Autore: Redazione MTV News Data: 3 luglio 2010 Commenta
Obama stanzia 2 miliardi di dollari per impianti a energia solare

Finanziamenti a due aziende: creeranno migliaia di posti lavoro

Milano, 3 lug. (Apcom) - Il presidente degli Stati Uniti Barack Obama, nel suo consueto discorso del sabato alla radio, ha annunciato lo stanziamento di circa 2 miliardi di dollari per lo sviluppo di nuovi impianti a energia solare che, a suo dire, creeranno migliaia di posti di lavoro e faciliteranno il ricorso dell'intero paese alle energie rinnovabili. Il provvedimento, afferma l'inquilino della Casa Bianca, rientra nell'ambito degli sforzi per un ulteriore sviluppo industriale negli States.

Due le società che riceveranno i fondi governativi, la Abengoa Solar e la Abound Solar Manufacturing. La prima costruirà uno degli impianti a energia solare più grandi del mondo in Arizona, creando circa 1.600 nuovi posti di lavoro; la seconda, invece, costruirà i suoi stabilimenti in Colorado e in Indiana. L'amministrazione Obama ritiene che questi progetti saranno in grado di creare oltre 2.000 posti di lavoro nel settore edile e altri 1.500 in altri campi a tempo indeterminato.

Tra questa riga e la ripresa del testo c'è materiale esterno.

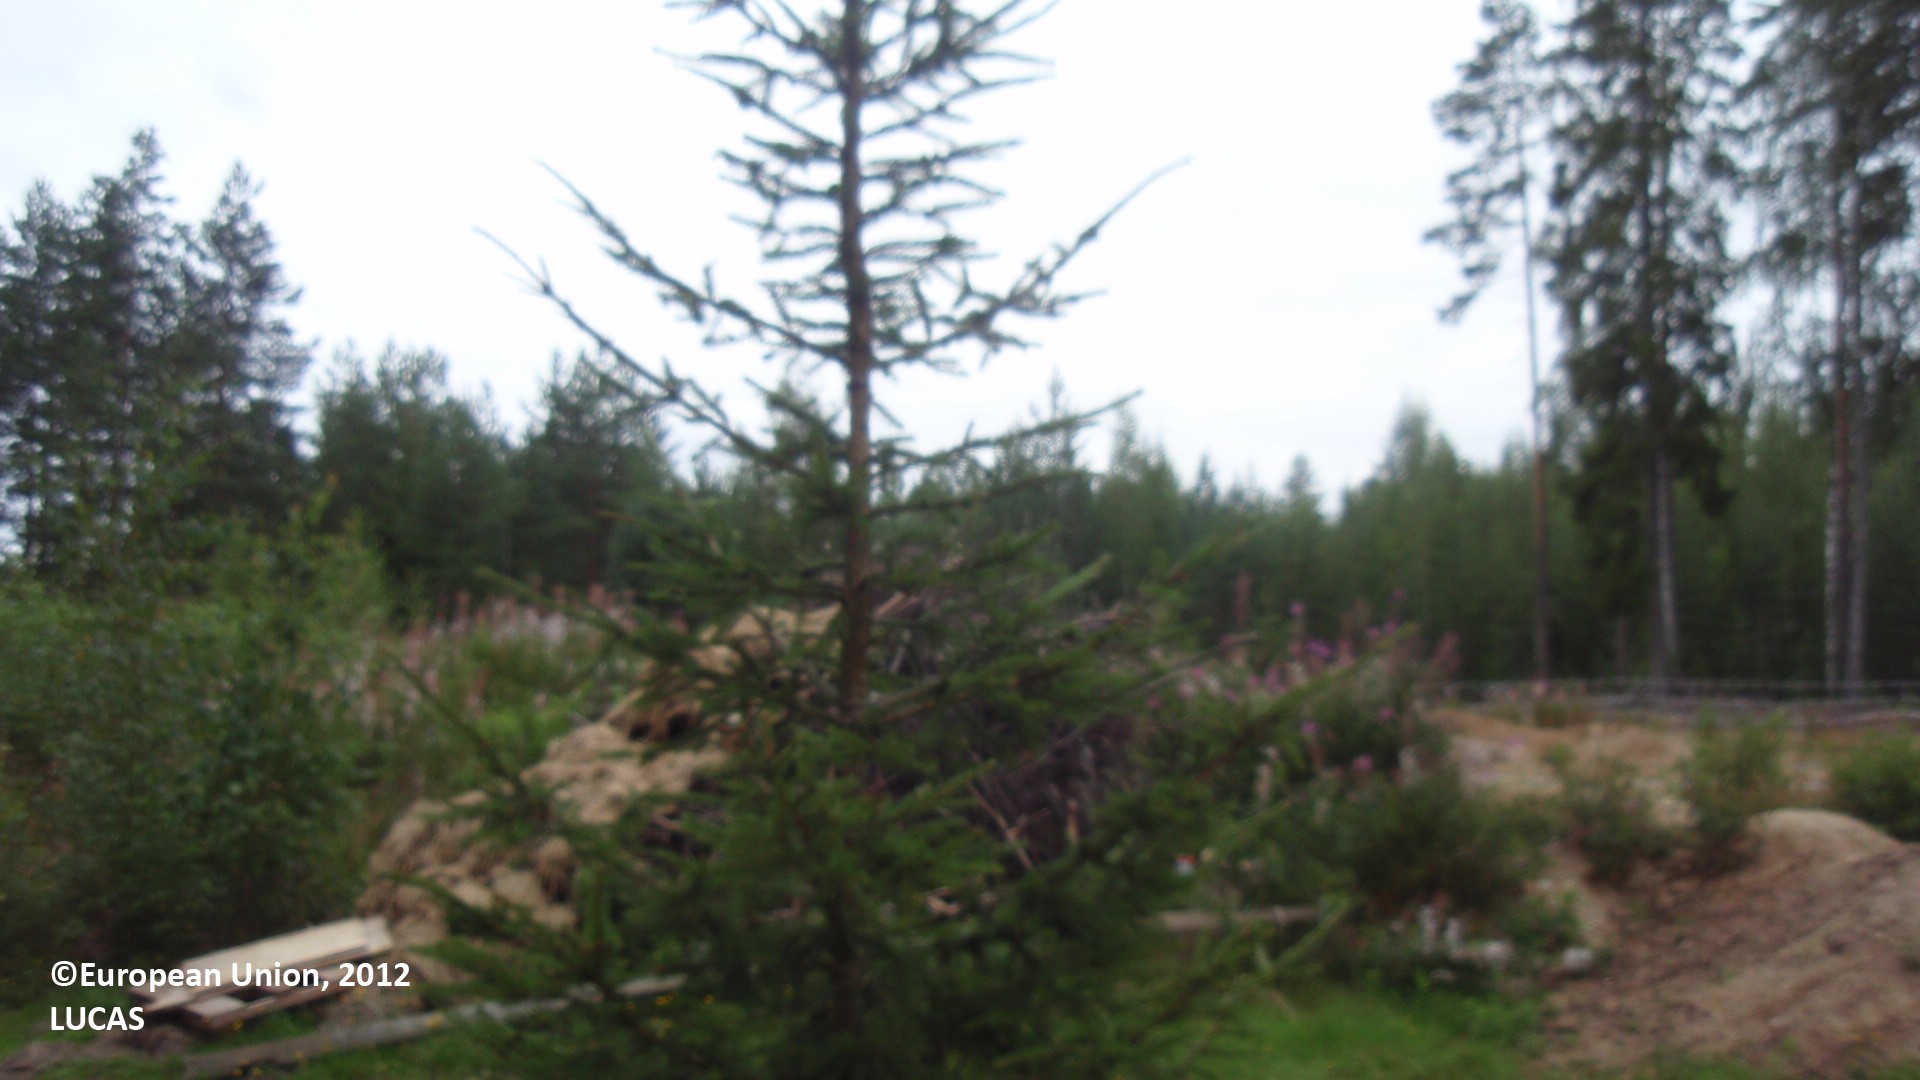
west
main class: Grassland
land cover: Spontaneously vegetated surfaces
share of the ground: > 75 %
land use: Fallow land
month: August
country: FI
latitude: 61.2847
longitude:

L'annuncio di Obama giunge all'indomani dei dati in chiaroscuro comunicati sul mercato del lavoro negli Usa. A giugno il tasso di disoccupazione ha segnato un inatteso calo, al 9,5 per cento contro il 9,7 per cento del mese precedente. Ma allo stesso tempo a riflesso del venir meno di 225 mila posizioni temporanee che erano state create per un censimento nazionale, complessivamente sono stati persi 125 mila posti di lavoro, più del previsto. Nel solo settore privato sono stati creati 83 mila nuovi posti, in miglioramento rispetto a maggio ma meno dei 112 mila attesi in media dagli analisti.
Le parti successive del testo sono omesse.